GOP offers plan to fix roads without debt


AUGUSTA – Republican lawmakers on Thursday presented a plan they say could put millions of dollars toward highway and bridge repairs without requiring the state to borrow money.

Economic forecasts indicate that Maine could finish the year with a sizeable surplus, somewhere between $45 million and $60 million.

The Republican proposal would dedicate every dime – regardless of what the final amount turns out to be – to transportation.

On the downside, it would also slow the state’s efforts to pay down other long-term obligations.

“It’s using today’s dollars to solve today’s problems,” said House Assistant Minority Leader Josh Tardy, R-Newport. “This is an invitation to the Democratic leadership … to look at solving today’s problems with today’s resources.”

Democratic leaders declined the invitation, calling the plan fiscally irresponsible and a hollow promise designed more to score political points than to address the state’s pressing transportation needs.

“I find it ironic that at the same time we’re imposing financial discipline on ourselves, the Republican proposal … spends money that we don’t have,” Richardson said.

The Republican plan comes in response to a Democratic initiative that has won initial approval in the Senate, but faces an uncertain future in the House.

Senate Democrats would send to voters for approval a $60 million transportation bond and eliminate an increase in the fuel tax scheduled to take effect in July, saving motorists less than a penny on the gallon but costing the state nearly $8 million in road money.

“There is no need to borrow and dig ourselves deeper in debt when we suddenly have a surplus,” said House Minority Leader David Bowles, R-Sanford.

Rep.
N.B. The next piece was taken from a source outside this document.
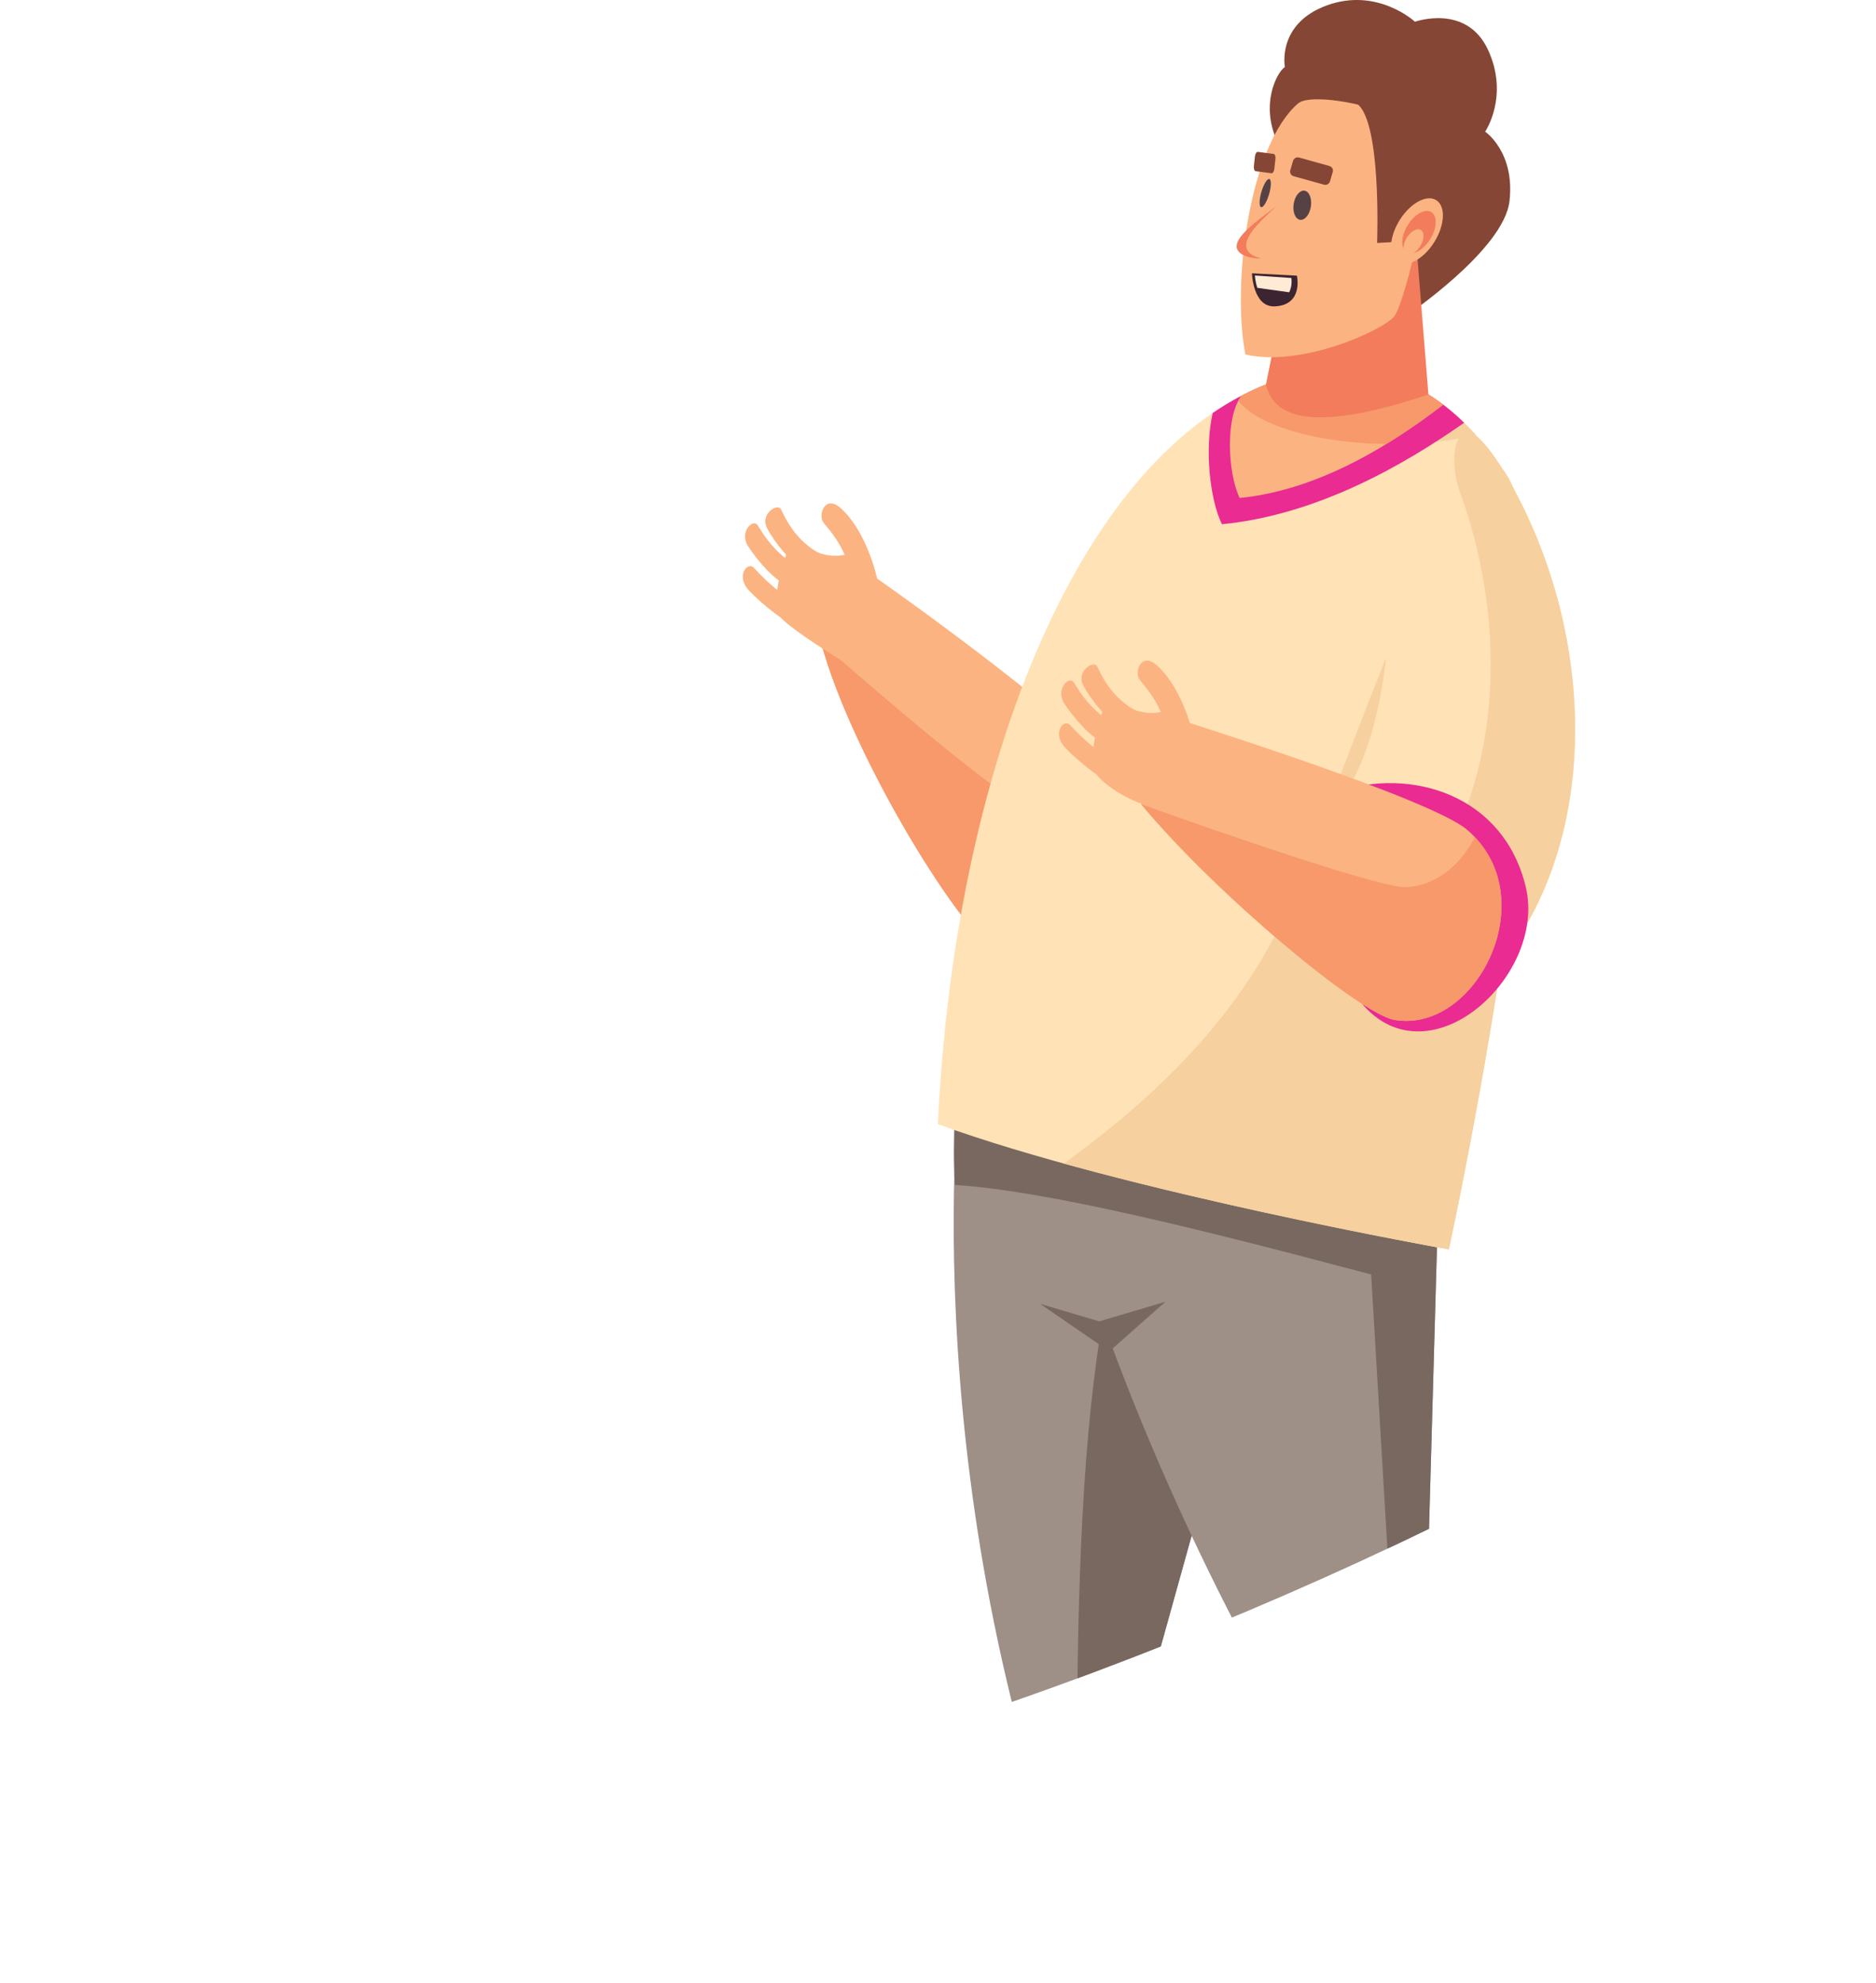 <?xml version="1.0" encoding="UTF-8" standalone="no"?><!DOCTYPE svg PUBLIC "-//W3C//DTD SVG 1.1//EN" "http://www.w3.org/Graphics/SVG/1.1/DTD/svg11.dtd"><svg width="100%" height="100%" viewBox="0 0 529 559" version="1.1" xmlns="http://www.w3.org/2000/svg" xmlns:xlink="http://www.w3.org/1999/xlink" xml:space="preserve" xmlns:serif="http://www.serif.com/" style="fill-rule:evenodd;clip-rule:evenodd;stroke-linejoin:round;stroke-miterlimit:2;"><g><clipPath id="_clip1"><path d="M85.403,5c-133.2,141.373 -203.315,235.743 -189.542,409.807c15.262,192.9 363.782,98.463 556.05,-9.286c20.904,-13.007 42.445,-28.251 63.116,-44.93c84.353,-59.16 166.726,-178.784 85.144,-229.159c-62.293,-37.268 -92.611,-66.287 -141.768,-116.432c-28.27,-26.779 -121.221,-73.292 -215.799,-73.29c-56.246,0.001 -113.071,16.453 -157.201,63.29Z"/></clipPath><g clip-path="url(#_clip1)"><path d="M231.548,181.237c8.652,32.212 40.79,84.046 50.157,87.373c9.367,3.326 40.774,-25.541 40.588,-39.645c-0.185,-14.105 -77.903,-67.922 -77.903,-67.922l-12.842,20.194Z" style="fill:#fbb481;fill-rule:nonzero;"/><path d="M310.047,212.405c-7.125,9.032 -15.239,15.97 -19.789,15.201c-7.72,-1.304 -58.71,-46.369 -58.71,-46.369c8.652,32.212 40.79,84.046 50.157,87.372c9.367,3.326 40.774,-25.54 40.589,-39.645c-0.047,-3.525 -4.937,-9.532 -12.247,-16.559" style="fill:#f7996b;fill-rule:nonzero;"/><path d="M418.788,37.117c0,0 6.859,-10.061 0.788,-23.111c-6.072,-13.05 -20.584,-7.881 -20.584,-7.881c0,0 -10.556,-9.787 -24.805,-4.618c-14.248,5.169 -11.871,17.404 -11.871,17.404c-2.902,1.903 -8.177,13.868 0.532,25.286l33.256,45.128c0,0 27.967,-18.766 29.548,-32.633c1.581,-13.867 -6.864,-19.575 -6.864,-19.575" style="fill:#854636;fill-rule:nonzero;"/><path d="M302.858,536.972l4.222,-0.001l59.071,-212.337l-94.999,-24.567c0,0 -14.757,111.753 31.706,236.905" style="fill:#9e8f87;fill-rule:nonzero;"/><path d="M331.582,315.694c-28.067,34.957 -28.521,126.806 -27.701,221.278l3.199,-0.001l59.071,-212.337l-34.569,-8.94Z" style="fill:#786860;fill-rule:nonzero;"/><path d="M395.741,536.955l4.222,-0.001l6.294,-222.757l-115.402,-11.154c0,0 19.762,110.342 104.886,233.912" style="fill:#9e8f87;fill-rule:nonzero;"/><path d="M386.644,359.304l10.518,177.651l2.802,-0.001l6.294,-222.757l-133.089,-30.319c0,-0 -5.374,22.747 -3.936,50.175c26.281,1.695 70.161,12.7 117.411,25.251" style="fill:#786860;fill-rule:nonzero;"/><path d="M264.471,316.925c52.25,19.023 144.08,35.32 144.08,35.32c0,0 40.077,-183.265 15.795,-219.15c-24.283,-35.886 -51.786,-31.349 -68.86,-24.102c-52.477,22.27 -86.37,108.978 -91.015,207.932" style="fill:#ffe2b6;fill-rule:nonzero;"/><path d="M355.486,108.993c-2.297,0.975 -4.546,2.117 -6.772,3.335c4.815,7.398 22.555,12.893 43.762,12.889c8.718,-0.001 16.828,-0.946 23.726,-2.554c-22.086,-24.392 -45.527,-20.116 -60.716,-13.67" style="fill:#f6d09e;fill-rule:nonzero;"/><path d="M424.346,133.095c-9.802,-14.485 -28.653,39.947 -58.598,117.014c-14.265,36.712 -43.065,61.355 -65.743,77.929c50.153,13.844 108.547,24.207 108.547,24.207c0,0 40.076,-183.265 15.794,-219.15" style="fill:#f6d09e;fill-rule:nonzero;"/><path d="M355.486,108.993c-4.658,1.977 -9.162,4.485 -13.52,7.441c-2.284,9.933 -0.911,24.141 2.594,31.361c26.965,-2.638 51.406,-16.755 68.306,-28.616c-21.083,-20.493 -42.954,-16.308 -57.38,-10.186" style="fill:#e92b92;fill-rule:nonzero;"/><path d="M355.486,108.993c-1.823,0.774 -3.619,1.643 -5.397,2.571c-4.618,5.894 -3.93,21.827 -0.533,28.825c24.049,-2.352 45.393,-17.12 57.406,-26.293c-19.188,-14.594 -38.393,-10.655 -51.476,-5.103" style="fill:#fbb481;fill-rule:nonzero;"/><path d="M390.896,125.188c6.33,-3.865 11.796,-7.831 16.066,-11.092c-19.188,-14.594 -38.393,-10.655 -51.476,-5.103c-1.823,0.774 -3.619,1.644 -5.397,2.571c-0.334,0.426 -0.632,0.917 -0.911,1.44c5.288,6.872 21.862,11.929 41.718,12.184" style="fill:#f7996b;fill-rule:nonzero;"/><path d="M356.983,108.385l4.816,-23.948l37.468,-17.136l3.516,43.912c-30.292,10.153 -43.432,7.64 -45.8,-2.828" style="fill:#f37c5d;fill-rule:nonzero;"/><path d="M351.163,99.934c15.956,3.704 38.873,-6.89 41.981,-10.728c3.109,-3.838 11.828,-40.412 8.943,-49.152c-2.885,-8.741 -31.657,-14.664 -36.034,-10.907c-13.553,11.634 -18.819,50.131 -14.89,70.787" style="fill:#fbb481;fill-rule:nonzero;"/><path d="M423.21,131.474c30.361,49.786 28.502,117.709 -10.761,150.845l-38.926,-52.058c14.387,-12.168 19.265,-44.461 18.205,-70.925c-0.951,-23.742 25.334,-37.944 31.482,-27.862" style="fill:#ffe2b6;fill-rule:nonzero;"/><path d="M423.21,131.474c-0.734,-1.204 -5.452,-8.595 -8.423,-9.323c-5.756,-1.411 -5.374,10.38 -3.282,16.083c15.659,42.678 10.852,91.311 -16.944,120.162l17.888,23.923c39.263,-33.136 41.122,-101.059 10.761,-150.845" style="fill:#f6d09e;fill-rule:nonzero;"/><path d="M377.022,223.203c20.942,-7.003 46.98,0.866 53.21,26.819c6.231,25.952 -29.706,57.745 -48.389,30.045c-18.683,-27.7 -4.821,-56.864 -4.821,-56.864" style="fill:#e92b92;fill-rule:nonzero;"/><path d="M321.761,226.703c21.114,25.373 61.699,59.172 71.475,60.834c23.168,3.939 42.577,-34.854 20.396,-53.658c-10.571,-8.962 -83.215,-31.664 -83.215,-31.664l-8.656,24.488Z" style="fill:#fbb481;fill-rule:nonzero;"/><path d="M415.876,236.018c-4.049,7.824 -10.83,13.614 -19.27,14.096c-8.525,0.487 -74.845,-23.411 -74.845,-23.411c21.114,25.373 61.699,59.172 71.474,60.834c22.325,3.796 41.142,-32.077 22.641,-51.519" style="fill:#f7996b;fill-rule:nonzero;"/><path d="M312.807,380.978l-19.53,-13.41l16.698,4.954l18.678,-5.544l-15.846,14Z" style="fill:#786860;fill-rule:nonzero;"/><path d="M400.485,67.768l-12.169,0.731c0,0 1.408,-36.452 -6.375,-39.658c-7.783,-3.207 6.931,-13.707 18.82,-4.524c11.887,9.184 -0.276,43.451 -0.276,43.451" style="fill:#854636;fill-rule:nonzero;"/><path d="M404.351,68.391c3.052,-4.775 3.382,-10.1 0.739,-11.894c-2.644,-1.793 -7.261,0.624 -10.312,5.399c-3.052,4.776 -3.382,10.101 -0.739,11.894c2.644,1.794 7.261,-0.624 10.312,-5.399" style="fill:#fbb481;fill-rule:nonzero;"/><path d="M403.223,67.532c1.97,-3.085 2.183,-6.524 0.476,-7.682c-1.707,-1.159 -4.688,0.403 -6.658,3.487c-1.971,3.085 -2.184,6.524 -0.477,7.683c1.708,1.158 4.689,-0.403 6.659,-3.488" style="fill:#f37c5d;fill-rule:nonzero;"/><path d="M400.428,69.462c1.181,-1.845 1.309,-3.904 0.286,-4.598c-1.024,-0.694 -2.81,0.24 -3.992,2.085c-1.18,1.846 -1.308,3.904 -0.285,4.598c1.023,0.694 2.81,-0.239 3.991,-2.085" style="fill:#fbb481;fill-rule:nonzero;"/><path d="M364.782,57.534c0.336,-2.267 1.698,-3.955 3.043,-3.771c1.345,0.185 2.163,2.172 1.827,4.439c-0.336,2.267 -1.699,3.955 -3.043,3.77c-1.345,-0.184 -2.163,-2.171 -1.827,-4.438" style="fill:#564245;fill-rule:nonzero;"/><path d="M366.308,44.409l8.58,2.393c0.722,0.201 1.137,0.941 0.928,1.653l-0.787,2.684c-0.21,0.712 -0.964,1.126 -1.686,0.925l-8.581,-2.393c-0.721,-0.201 -1.136,-0.942 -0.927,-1.653l0.787,-2.684c0.209,-0.712 0.964,-1.126 1.686,-0.925" style="fill:#854636;fill-rule:nonzero;"/><path d="M355.685,54.146c0.636,-2.197 1.641,-3.85 2.244,-3.691c0.602,0.158 0.575,2.068 -0.062,4.265c-0.636,2.197 -1.641,3.849 -2.243,3.691c-0.603,-0.159 -0.576,-2.068 0.061,-4.265" style="fill:#564245;fill-rule:nonzero;"/><path d="M354.704,42.818l4.419,0.579c0.372,0.049 0.606,0.686 0.524,1.423l-0.311,2.78c-0.082,0.738 -0.45,1.296 -0.822,1.247l-4.419,-0.579c-0.372,-0.049 -0.606,-0.686 -0.524,-1.423l0.311,-2.78c0.082,-0.737 0.45,-1.296 0.822,-1.247" style="fill:#854636;fill-rule:nonzero;"/><path d="M359.896,58.191c-5.986,5.351 -9.195,9.144 -8.37,11.809c0.515,1.665 2.279,2.397 3.825,2.73l-0.048,0.146c0,0 -5.391,0.011 -6.444,-2.643c-1.041,-2.625 3.278,-6.43 11.037,-12.042" style="fill:#f37c5d;fill-rule:nonzero;"/><path d="M353.028,77.055l12.678,0.656c0,0 1.914,8.271 -6.229,8.662c-6.163,0.296 -6.449,-9.318 -6.449,-9.318" style="fill:#3c2430;fill-rule:nonzero;"/><path d="M354.548,81.148c-0.604,-1.779 -0.691,-3.482 -0.691,-3.482l10.28,0.709c0,0 0.382,2.055 -0.604,4.03l-8.985,-1.257Z" style="fill:#ffead5;fill-rule:nonzero;"/><path d="M232.212,147.352c1.598,2.043 7.906,8.627 7.692,17.626l8.261,2.732c-0.952,-7.954 -5.124,-19.381 -11.307,-24.626c-4.28,-3.631 -6.276,2.184 -4.646,4.268" style="fill:#fbb481;fill-rule:nonzero;"/><path d="M237.775,186.485l10.851,-18.939c0,0 -1.327,-5.642 -9.388,-11.405c0,0 -7.089,2.589 -13.688,-3.596c-3.04,-2.849 -8.413,15.274 -5.915,20.845c0.957,2.137 12.272,9.616 18.14,13.095" style="fill:#fbb481;fill-rule:nonzero;"/><path d="M220.229,143.588c0.979,1.882 3.835,9.074 11.824,12.93l-5.493,3.701c-3.353,-1.259 -8.264,-7.422 -10.279,-11.365c-2.015,-3.942 2.969,-7.148 3.948,-5.266" style="fill:#fbb481;fill-rule:nonzero;"/><path d="M213.618,148.045c1.281,1.938 5.199,9.342 14.414,13.324l-5.654,3.799c-3.829,-1.302 -8.767,-7.071 -11.41,-11.131c-2.643,-4.06 1.369,-7.93 2.65,-5.992" style="fill:#fbb481;fill-rule:nonzero;"/><path d="M212.592,160.085c1.889,1.926 8.053,9.362 19.068,12.796l-5.141,4.424c-4.486,-1.058 -11.33,-6.702 -15.245,-10.741c-3.915,-4.037 -0.571,-8.405 1.318,-6.479" style="fill:#fbb481;fill-rule:nonzero;"/><path d="M321.368,191.661c1.598,2.043 7.906,8.627 7.692,17.626l8.261,2.732c-0.952,-7.954 -5.124,-19.381 -11.307,-24.626c-4.28,-3.631 -6.277,2.184 -4.646,4.268" style="fill:#fbb481;fill-rule:nonzero;"/><path d="M328.386,228.255l9.396,-16.4c0,0 -1.326,-5.643 -9.387,-11.406c0,0 -7.09,2.589 -13.688,-3.596c-3.04,-2.849 -8.413,15.274 -5.916,20.846c0.958,2.136 8.989,9.014 19.595,10.556" style="fill:#fbb481;fill-rule:nonzero;"/><path d="M309.385,187.897c0.979,1.882 3.835,9.073 11.825,12.93l-5.494,3.701c-3.354,-1.259 -8.265,-7.422 -10.279,-11.365c-2.015,-3.942 2.969,-7.148 3.948,-5.266" style="fill:#fbb481;fill-rule:nonzero;"/><path d="M302.773,192.354c1.28,1.938 5.199,9.342 14.414,13.324l-5.654,3.799c-3.829,-1.302 -8.767,-7.071 -11.41,-11.131c-2.643,-4.06 1.369,-7.93 2.65,-5.992" style="fill:#fbb481;fill-rule:nonzero;"/><path d="M301.748,204.394c1.889,1.926 8.053,9.362 19.068,12.796l-5.141,4.424c-4.486,-1.058 -11.331,-6.702 -15.246,-10.741c-3.914,-4.038 -0.57,-8.405 1.319,-6.479" style="fill:#fbb481;fill-rule:nonzero;"/></g></g></svg>

Boyd Marley, D-Portland and the House chairman of the Transportation Committee, heartily supports the bond as a way to prop up the state’s teetering roads and bridges.

“The Republicans are making empty promises. They’re saying ‘if,'” Marley said. “We don’t know how much there will actually be. I think it’s just about politics, to make themselves look like they have an alternative plan.”

During negotiations over a supplemental budget earlier this session, the leadership of both parties agreed that no bond package would be sent to voters this year. The concession from Democrats, who generally favor bonding to pay for infrastructure improvements, was one of the keys to the budget passing with nearly unanimous support.

In addition, the budget contained $30 million for transportation, half of which is set to come from the General Fund.

Leaders on both sides of the aisle, save Assistant Senate Majority Leader Kenneth Gagnon, D-Waterville, agree that the Senate Democratic plan breaks the deal. It passed in the Senate without the support of Senate President Beth Edmonds or other Democratic leaders and only with the help of two Republican defectors.

In the House, Richardson and Majority Leader Glenn Cummings, D-Portland, say they won’t support the bonds and will work for their defeat because they gave their word as part of budget negotiations.

If the members in this body vote as they have before, Richardson said, the bonds are not going to pass.

“My word is my bond,” Richardson said. “I’m living up to the deal. A deal is a deal. From where I sit, the bonds are not going to pass. They’re a bad idea.”

Despite the straightforwardness of the Republican proposal, it also contains significant tradeoffs. The supplemental budget contains a formula – agreed to by both parties – that would dictate how any surplus would be spent.

Fifty-five percent would go into reserves, 20 percent would be used to buy down the state’s unfunded pension liability, 15 percent to pay for the unfunded post-retirement health benefits of workers and 10 percent for capital repairs and improvements.

The pension liability stands at about $3 billion and the health care at about $1.5 billion.

Paying down those obligations has become a rallying cry for Republicans. Bowles said he sees the apparent conflict.

“Any time you make a choice in terms of where dollars are going to go, there’s an offset in some other area. We’re making a choice here, and we’re making a choice here that we think Maine people will support,” Bowles said. “Right now, the more important thing is to do something about our highway infrastructure.”

The assumption during budget negotiations was that any surplus would go through the formula, said state Sen. Peggy Rotundo, D-Lewiston, who was one of the chief architects of the budget compromise as the chair of the Appropriations Committee.

“To take money away from that weakens the financial stability of the state,” Rotundo said. “We’re eager to save this money. It’s a very fiscally sound and responsible plan.”